Material to process
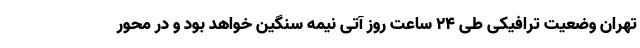
تهران وضعیت ترافیکی طی ۲۴ ساعت روز آتی نیمه سنگین خواهد بود و در محور
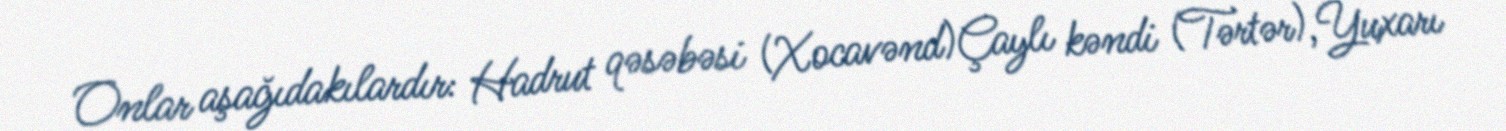
Onlar aşağıdakılardır: Hadrut qəsəbəsi (Xocavənd)Çaylı kəndi (Tərtər),Yuxarı
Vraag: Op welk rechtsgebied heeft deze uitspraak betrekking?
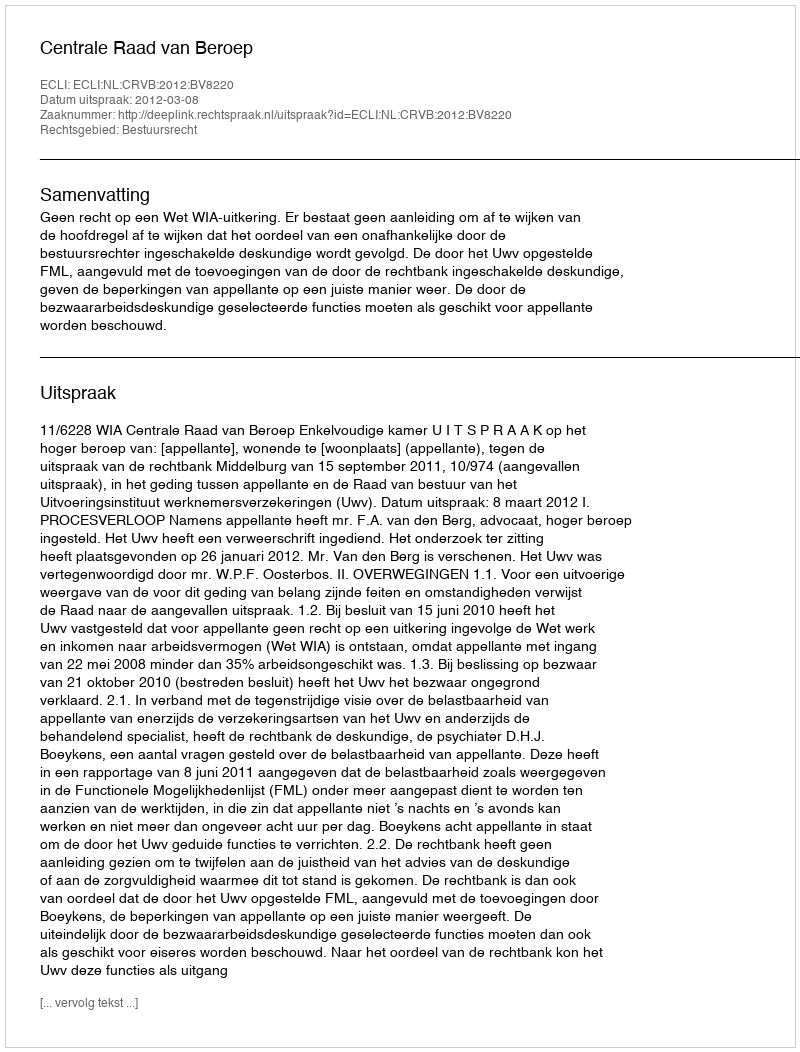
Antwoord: Bestuursrecht
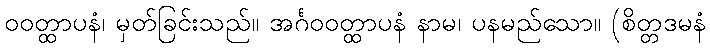
ဝဝတ္ထာပနံ၊ မှတ်ခြင်းသည်။ အင်္ဂဝဝတ္ထာပနံ နာမ၊ ပနမည်သော။ (စိတ္တဒမနံ
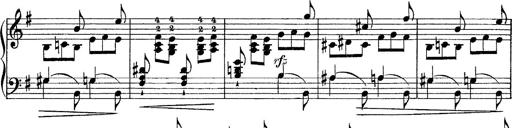
Title: Tarantelle di bravura dâ€™aprÃ¨s la tarantelle de La muette de Portici
Composer: Franz Liszt
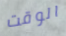
الوقت
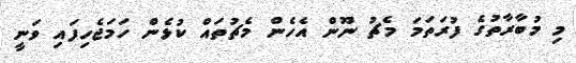
މި މުބާރާތުގެ ފުރަތަމަ މެޗު ނޫން އެހެން މެޗުތައް ކުޅެން ހަމަޖެހިފައި ވަނީ
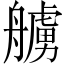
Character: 艣
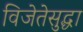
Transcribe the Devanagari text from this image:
विजेतेसुद्धा
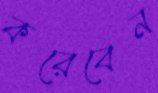
করেবেন
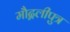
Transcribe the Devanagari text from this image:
मौद्गलीपुत्र
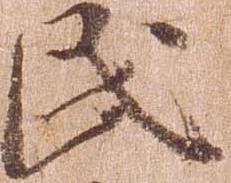
民
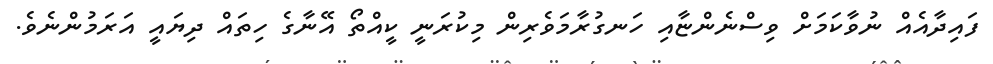
ފައިދާއެއް ނުވާކަމަށް ވިސްނެންޏާއި ހަނގުރާމަވެރިން މިކުރަނީ ކީއްތޯ އޭނާގެ ހިތައް ދިޔައީ އަރަމުންނެވެ.
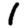
Digit: 1
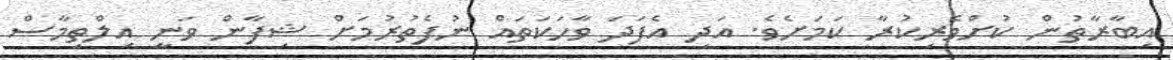
އިބާރާތުން ކުށްވެރިކުރާ ކަމަށެވެ. އަދި އެފަދަ ވާހަކަތައް ނުފެތުރުމަށް ޝިފާން ވަނީ އިލްތިމާސް
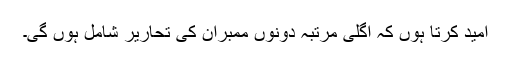
امید کرتا ہوں کہ اگلی مرتبہ دونوں ممبران کی تحاریر شامل ہوں گی۔
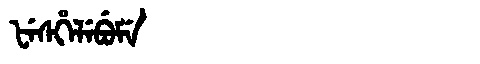
Manchu: ᡶᡝᠰᡥᡝᠯᡝᠪᡠᠮᡝ
Romanization: FESHELEBUME
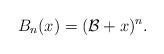
LaTeX: \begin{align*}B_{n}(x) = ( \mathcal{B} + x)^{n}.\end{align*}
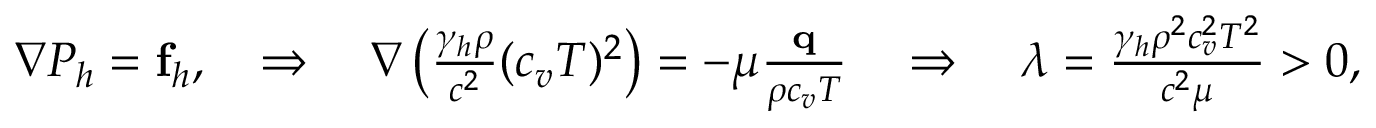
\begin{array} { r } { \nabla P _ { h } = \mathbf f _ { h } , \quad \Rightarrow \quad \nabla \left( \frac { \gamma _ { h } \rho } { c ^ { 2 } } ( c _ { v } T ) ^ { 2 } \right) = - \mu \frac { \mathbf q } { \rho c _ { v } T } \quad \Rightarrow \quad \lambda = \frac { \gamma _ { h } \rho ^ { 2 } c _ { v } ^ { 2 } T ^ { 2 } } { c ^ { 2 } \mu } > 0 , } \end{array}
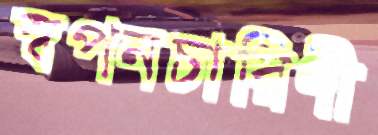
স্বপনচারিণী
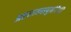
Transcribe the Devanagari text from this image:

Your task
Leaving out all pictures, retype exactly the lines that run from the one containing "Vraag: Op welk" through the last line of the material.

Result of the task
Vraag: Op welk rechtsgebied heeft deze uitspraak betrekking?
Antwoord: Bestuursrecht
ဝဝတ္ထာပနံ၊ မှတ်ခြင်းသည်။ အင်္ဂဝဝတ္ထာပနံ နာမ၊ ပနမည်သော။ (စိတ္တဒမနံ
Title: Tarantelle di bravura dâ€™aprÃ¨s la tarantelle de La muette de Portici
Composer: Franz Liszt
الوقت
މި މުބާރާތުގެ ފުރަތަމަ މެޗު ނޫން އެހެން މެޗުތައް ކުޅެން ހަމަޖެހިފައި ވަނީ
Character: 艣
Transcribe the Devanagari text from this image:
विजेतेसुद्धा
করেবেন
Transcribe the Devanagari text from this image:
मौद्गलीपुत्र
民
ފައިދާއެއް ނުވާކަމަށް ވިސްނެންޏާއި ހަނގުރާމަވެރިން މިކުރަނީ ކީއްތޯ އޭނާގެ ހިތައް ދިޔައީ އަރަމުންނެވެ.
Digit: 1
އިބާރާތުން ކުށްވެރިކުރާ ކަމަށެވެ. އަދި އެފަދަ ވާހަކަތައް ނުފެތުރުމަށް ޝިފާން ވަނީ އިލްތިމާސް
امید کرتا ہوں کہ اگلی مرتبہ دونوں ممبران کی تحاریر شامل ہوں گی۔
Manchu: ᡶᡝᠰᡥᡝᠯᡝᠪᡠᠮᡝ
Romanization: FESHELEBUME
LaTeX: \begin{align*}B_{n}(x) = ( \mathcal{B} + x)^{n}.\end{align*}
\begin{array} { r } { \nabla P _ { h } = \mathbf f _ { h } , \quad \Rightarrow \quad \nabla \left( \frac { \gamma _ { h } \rho } { c ^ { 2 } } ( c _ { v } T ) ^ { 2 } \right) = - \mu \frac { \mathbf q } { \rho c _ { v } T } \quad \Rightarrow \quad \lambda = \frac { \gamma _ { h } \rho ^ { 2 } c _ { v } ^ { 2 } T ^ { 2 } } { c ^ { 2 } \mu } > 0 , } \end{array}
স্বপনচারিণী
Transcribe the Devanagari text from this image:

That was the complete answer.